While most brands and retailers could stomach a 10 percent tariff, despite it going down bitterly, 25 percent could force many out of the running. If a company as big as Walmart could allude to raising prices for customers in line with the new tariffs, smaller companies—and the factories that produce for them—may not even make it that far.

“It’s a real issue and maybe some of you only deal with big companies, but for the SMEs outside of our industries, they’re just not having orders for some time,” said Sally Peng, member and Asia Pacific Practice leader for trade law firm Sandler, Travis & Rosenberg, speaking to an audience of sourcing and supply chain executives at the Summit. “It is really putting some people out of business. And not tomorrow, but immediately.”

For companies that own factories in China—or command the bulk of a factory’s capacity—Peng said it’s harder in China right now to close a factory than to open one in the event the new duties were too much to sustain.

“If you want to close the factory, there’s a lot of procedures you have to go through and a lot of money to pay just to close it. So what you’re likely to see is people are not closing the factory properly and will just bail,” Peng said. “There will be a lot of victims just because of the trade war.”

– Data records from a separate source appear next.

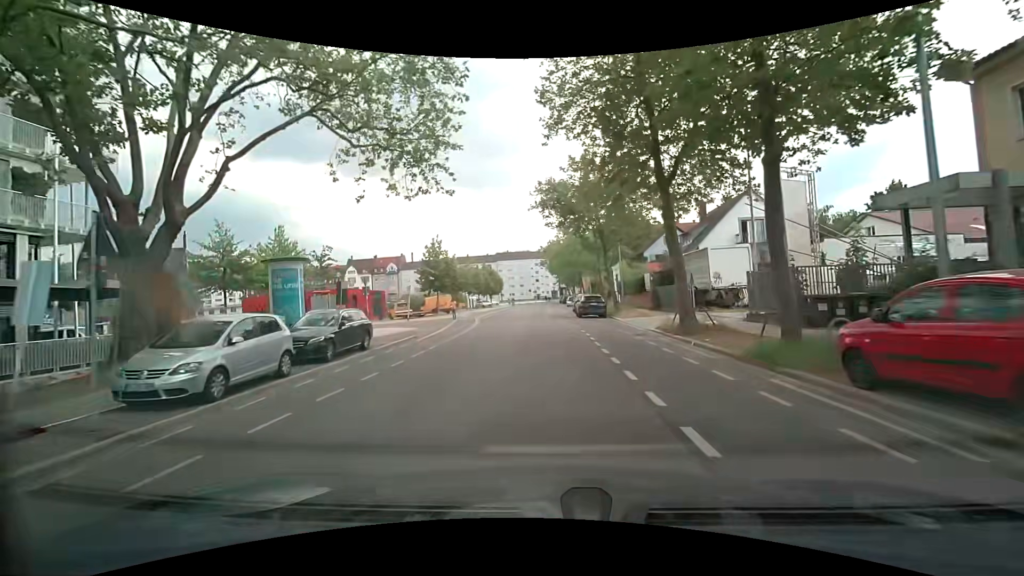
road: tertiary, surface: asphalt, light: Day
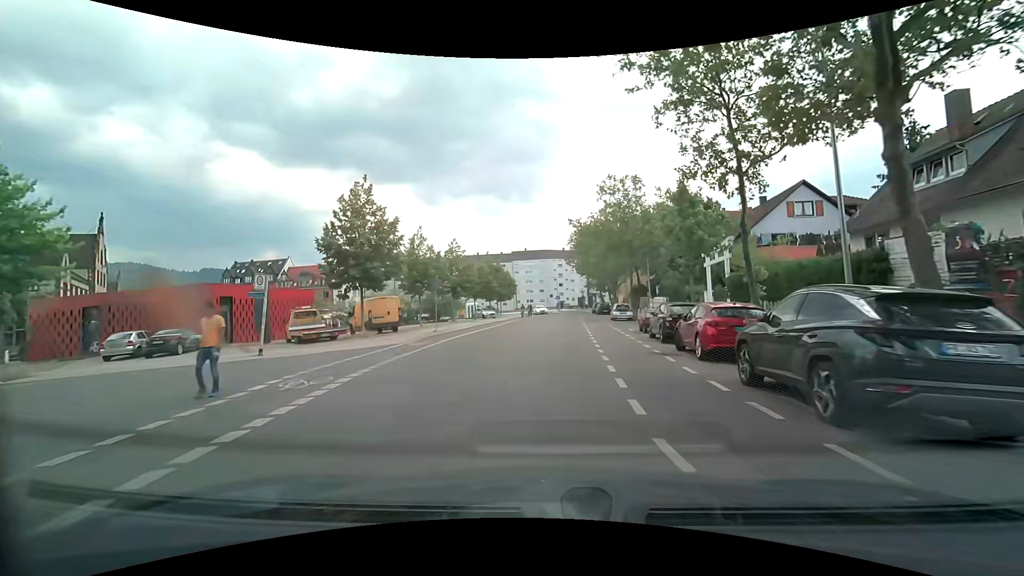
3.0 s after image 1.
(-0.9, +28.0) m; -3°
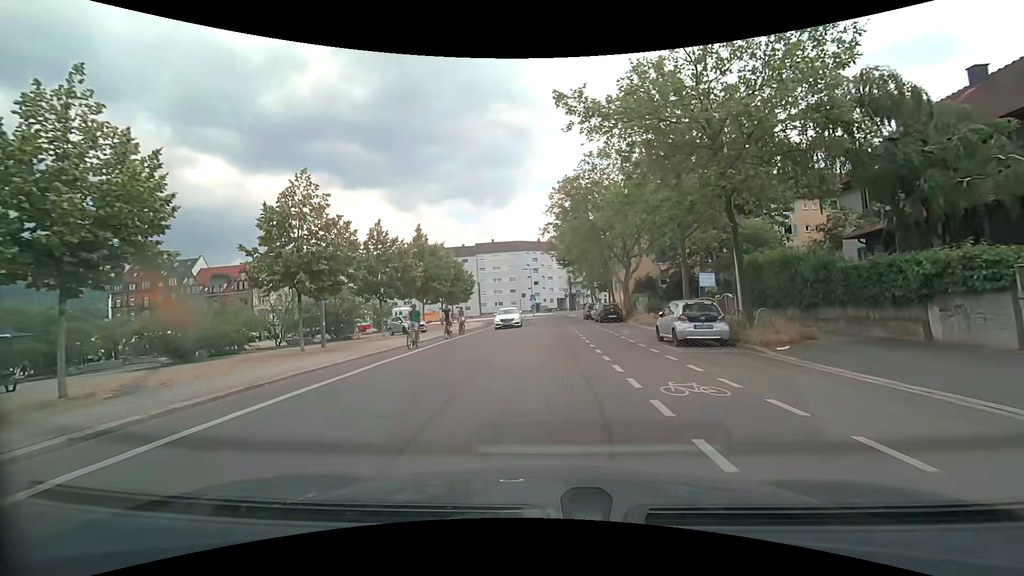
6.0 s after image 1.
(+0.6, +26.1) m; +3°
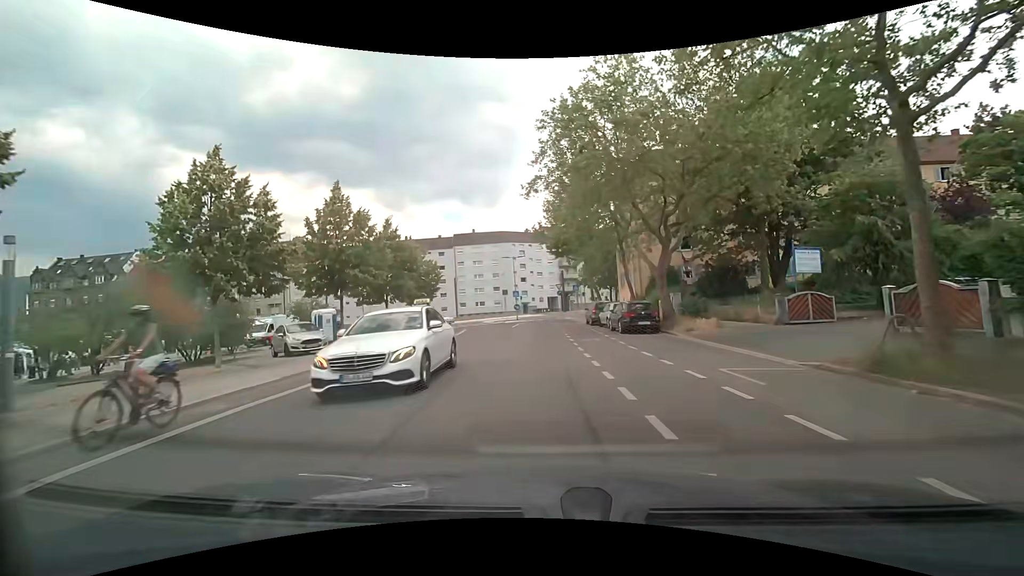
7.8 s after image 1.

Some factories will be able to weather the storm, while others simply won’t. And in this case, size will likely matter.

“There’s two tiers of factories [in China], there’s the larger factories, the mega factories who’ve got the financial clout and the network to expand into multiple countries, which has been happening in the last several years. We see a lot of Chinese factories expanding into Vietnam, Cambodia, Bangladesh, Jordan,” Walsh explained. “And then you’ve got the second-tier factories that may not have the financial clout and they’re still based in China—how do they react?”

These factories are reacting, it turns out, by reinventing themselves and finding ways to embrace lean manufacturing.

“We’ve talked about moving from the cheap needle to the smart needle, and factories are relocating within China, whether its further north or more inland to cheaper provinces. I think it’s also technology. With investment in technology, factories can really use [it] to help reduce overhead costs,” Walsh said. “We are really encouraging factories to improve productivity in China, that there is still a future.”

The capacity question

For those companies still keen to escape China altogether—or at least as close to altogether as is possible—they’re turning largely to three countries: Bangladesh, India and Vietnam to spread out their risk. But with that, while these companies may not count tariffs among their risk factors, they’ll be facing issues of capacity.

“Vietnam has very close proximity to China for example, so the Chinese have also invested in mills in Vietnam. But Vietnam has become quite hot, and when it becomes too overheated, we need to think what’s beyond Vietnam,” Walsh said. “I think there’s still some capacity in Bangladesh and India, the price is very competitive, but also not without challenges.”

Whereas sourcing could have centered on price in years past, today it has to be about the ability to secure capacity, but also flexibility and lead times.

“Bangladesh doesn’t really have the flexibility that China has today so there’s no one right answer,” Walsh said. “Customers just really need to take a holistic view—price, flexibility, lead time—and I think that China…will play a very important role going forward.”

At the end of the day, divest, diversify—whatever it may be, companies will still be sourcing in China, 25 percent tariffs or not.

“You still cannot replace China,” Peng said. “There’s just so much infrastructure that’s already very mature in China and by sector as well.”

China for China

What companies need to consider now, beyond a China plus one or China plus four strategy, is a China for China strategy, Peng explained.

“Think about China, Indonesia, India as destinations as well. Before we all thought about the U.S. or Europe, but Japan is a destination,” Peng said. “We’re at a completely different game now. You should really think about China as a destination and build—if you haven’t done so already—a China for China strategy. That’s where all the automation will come in because that’s where it’s going to help you have flexibility.”